Strokes occur when blood supply to the brain is interrupted or reduced, depriving brain tissue of oxygen and nutrients. It is estimated that a patient can lose 1.9 million neurons each minute when a stroke is untreated. So, the treatment of stroke is a medical emergency that requires early intervention to minimize brain damage and complications. Furthermore, a stroke caused by emergent large vessel occlusion (LVO) requires a much more prompt identification to improve clinical outcomes.

Neuro interventionalists need to activate their operating rooms to prepare candidates identified for endovascular therapy (EVT) as soon as possible. As a result, identifying imaging findings on non-contrast computed tomography (NCCT) that are predictive of LVO would aid in identifying potential EVT candidates. We present and validate gaze deviation as an indicator to detect LVO using NCCT. In addition, we offer an Artificial Intelligence (AI) algorithm to detect this indicator.

What is LVO?

Large vessel occlusion (LVO) stroke is caused by a blockage in one of the following brain vessels:

  1. Internal Carotid Artery (ICA) 
  2. ICA terminus (T-lesion; T occlusion) 
  3. Middle Cerebral Artery (MCA) 
  4. M1 MCA 
  5. Vertebral Artery 
  6. Basilar Artery

Image source: Science direct

LVO strokes are considered one of the more severe kinds of strokes, accounting for approximately 24% to 46% of acute ischemic strokes. For this reason, acute LVO stroke patients often need to be treated at comprehensive centers that are equipped to handle LVOs. 

Endovascular Treatment (EVT)

EVT is a treatment given to patients with acute ischemic stroke. Using this treatment, clots in large vessels are removed, helping deliver better outcomes. EVT evaluation needs to be done at the earliest for the patients that meet the criteria and are eligible. Early access to EVT increases better outcomes for patients.  The timeframe to perform is usually between 16 – 24 hours in most acute ischemic cases.

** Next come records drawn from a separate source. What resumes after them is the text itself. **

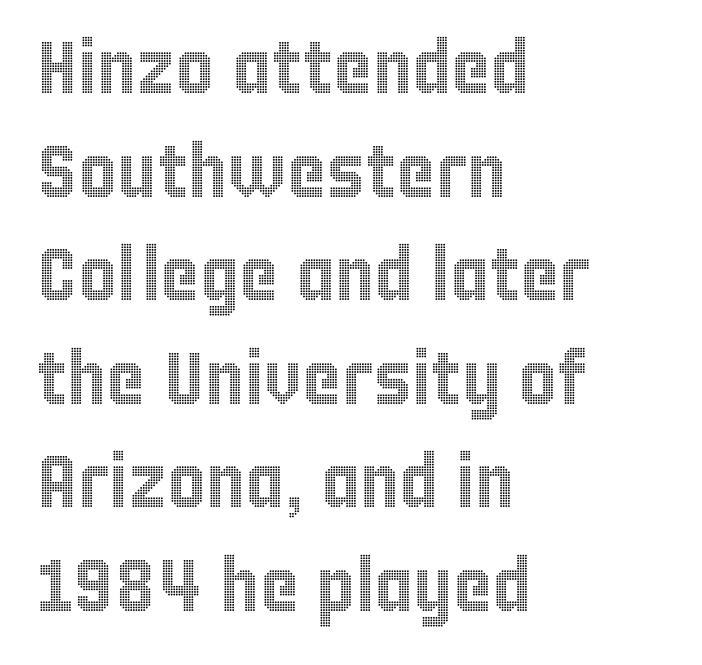
The image shows 74 px condensed type, upright; set left-aligned, normal line spacing (1.4x), normal letter spacing, not underlined; a large x-height.
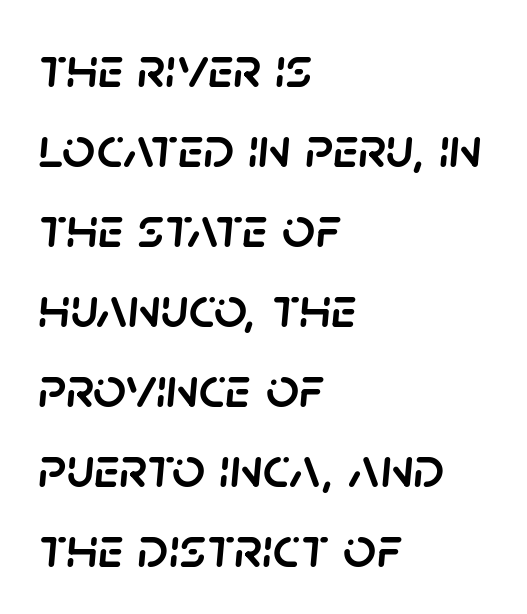
The image shows 58 px text type, italic (leaning right); set left-aligned, normal line spacing (1.38x), normal letter spacing, not underlined; low stroke contrast and a large x-height.
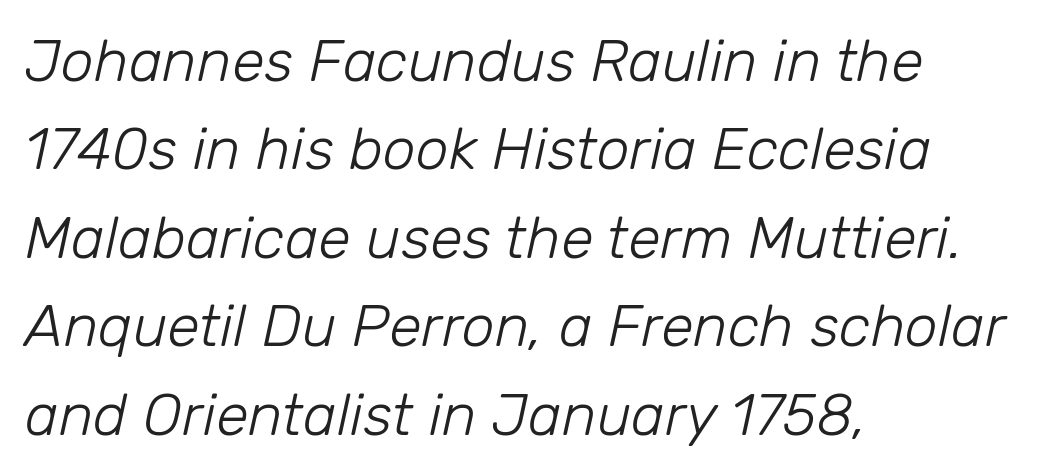
The image shows 59 px light type, italic (leaning right); set left-aligned, normal line spacing (1.5x), normal letter spacing, not underlined; low stroke contrast and a medium x-height.

Image Source: PennMedicine

Goal for EVT

Since it is important to perform this procedure as early as possible, how do we get there?

LVO detection on NCCT

There is a 3 point step to consider for this:

  1. Absence of blood
  2. Hyperdense vessel sign or dot sign
  3. Gaze deviation (often overlooked on NCCT) 

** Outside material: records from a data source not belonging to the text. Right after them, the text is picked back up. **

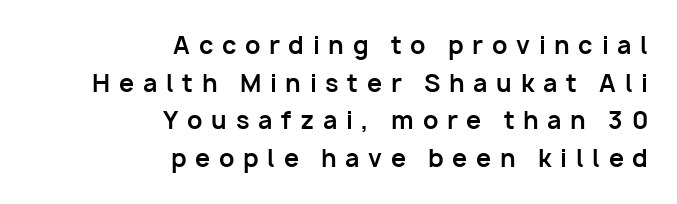
Rule under the text: the space is simply empty. Weight: bold. Every stem runs plumb, perpendicular to the baseline. Words appear elongated and porous because spacing is wide.
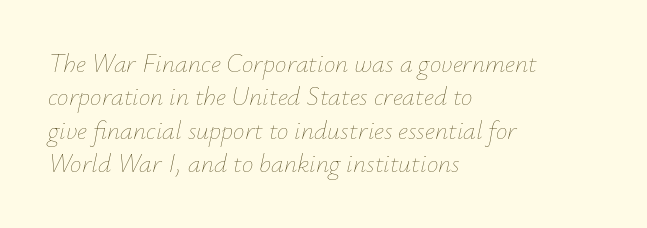
Q: Is the text bold? A: No.
Q: Is the text italic (slanted)? A: Yes, it leans right by about 12 degrees.
Q: Is the text underlined? A: No.
Q: How is the paragraph aligned? A: Left-aligned.
Q: Is the spacing between letters normal or unusually wide? A: Normal.
Q: Is the spacing between lines tight, normal or loose? A: Normal.
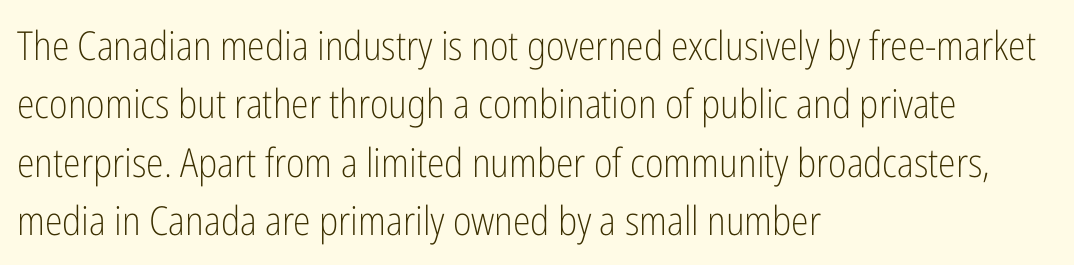
The image shows 40 px light, condensed sans-serif type, upright; set left-aligned, normal line spacing (1.46x), normal letter spacing, not underlined; low stroke contrast and a medium x-height.
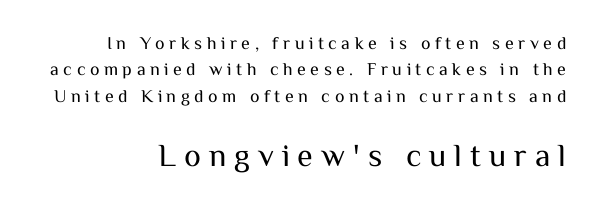
{"serif": "no", "italic": "no", "bold": "no", "weight": "regular", "width": "normal", "stroke_contrast": "medium", "x_height": "medium", "monospaced": "no", "underline": "no", "align": "right", "line_spacing": "normal", "line_spacing_ratio": 1.46, "letter_spacing": "wide", "letter_spacing_em": 0.25, "larger_block": "second", "size_ratio": 1.78, "glyph_px": 32}
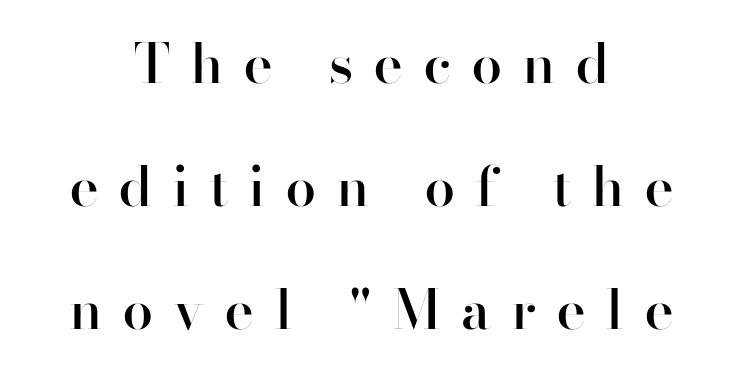
The image shows 55 px semibold sans-serif type, upright; set centered, loose line spacing (2.24x), unusually wide letter spacing (+0.39 em), not underlined; high stroke contrast and a small x-height.
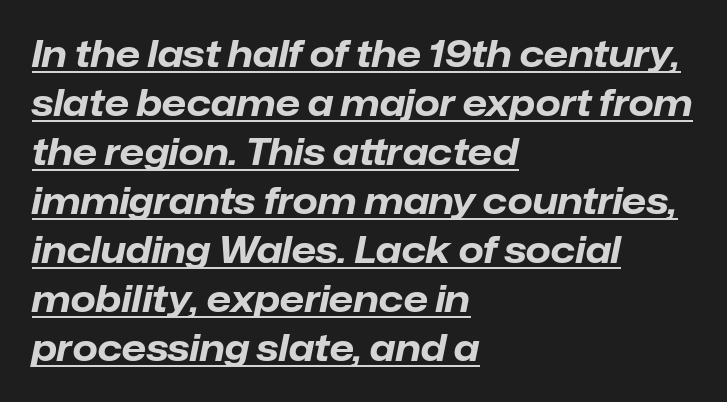
Q: Is the text bold? A: Yes.
Q: Is the text italic (slanted)? A: Yes, it leans right by about 12 degrees.
Q: Is the text underlined? A: Yes.
Q: How is the paragraph aligned? A: Left-aligned.
Q: Is the spacing between letters normal or unusually wide? A: Normal.
Q: Is the spacing between lines tight, normal or loose? A: Normal.
Q: Width (condensed, normal, or wide)? A: Normal.
Q: Stroke contrast? A: Low.
Q: x-height? A: Medium.
Q: Monospaced? A: No.
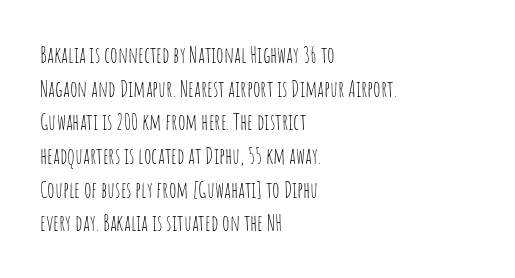
Q: Is the text bold? A: No.
Q: Is the text italic (slanted)? A: No, it is upright.
Q: Is the text underlined? A: No.
Q: How is the paragraph aligned? A: Left-aligned.
Q: Is the spacing between letters normal or unusually wide? A: Normal.
Q: Is the spacing between lines tight, normal or loose? A: Normal.
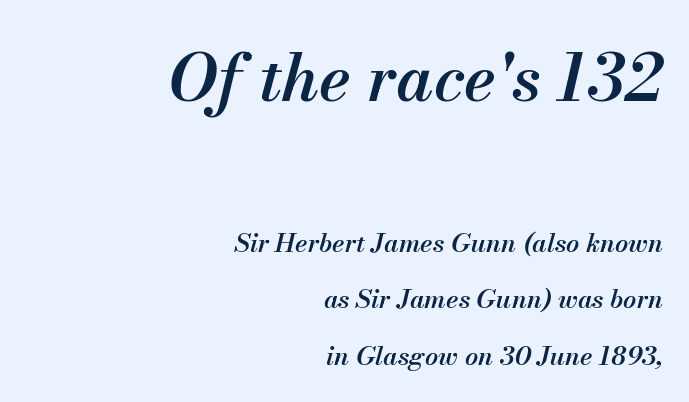
{"italic": "yes", "lean": "right", "slant_degrees": 13, "bold": "semi", "weight": "semibold", "width": "normal", "stroke_contrast": "medium", "x_height": "small", "monospaced": "no", "underline": "no", "align": "right", "line_spacing": "loose", "line_spacing_ratio": 2.17, "letter_spacing": "normal", "letter_spacing_em": 0.0, "larger_block": "first", "size_ratio": 2.54, "glyph_px": 66}
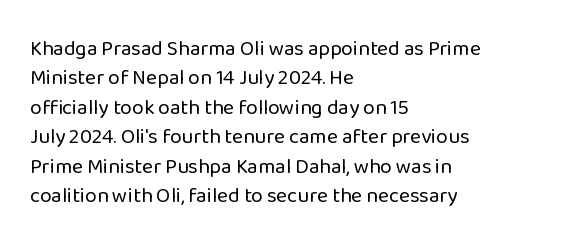
{"italic": "no", "bold": "no", "underline": "no", "align": "left", "line_spacing": "normal", "line_spacing_ratio": 1.4, "letter_spacing": "normal", "letter_spacing_em": 0.0, "glyph_px": 21}

Gaze deviation and its relationship with acute stroke

Several studies suggest that gaze deviation is largely associated with the presence of LVO [1,2,3].

Stroke patients with eye deviation on admission CT have higher rates of disability/death and hemorrhagic transformation. Consistent assessment and documentation of radiological eye deviation on acute stroke CT scan may help with prognostication [4].

AI algorithm to identify gaze deviation

We developed an AI algorithm that reports the presence of gaze deviation given an NCCT scan. Such AI algorithms have tremendous potential to aid in this triage process. The AI algorithm was trained using a set of scans to identify gaze direction and midline of the brain. The gaze deviation is calculated by measuring the angle between the gaze direction and the midline of the brain. We used this AI algorithm to identify clinical symptoms of ipsiversive gaze deviation in stroke patients with LVO treated with EVT. The AI algorithm has a sensitivity and specificity of 80.8% and 80.1% to detect LVO using gaze deviation as the sole indicator. The test set had 150 scans with LVO-positive cases where thrombectomy was performed.

Discussion

Ipsiversive Gaze deviation on NCCT is a good predictor of LVO due to proximal vessel occlusions in ICA terminus and M1 occlusions. However, it is a poor predictor of LVO due to M2 occlusion. We report an AI algorithm that can identify this clinical sign on NCCT. These findings can aid in the triage of LVO patients and expedite the identification of EVT candidates. 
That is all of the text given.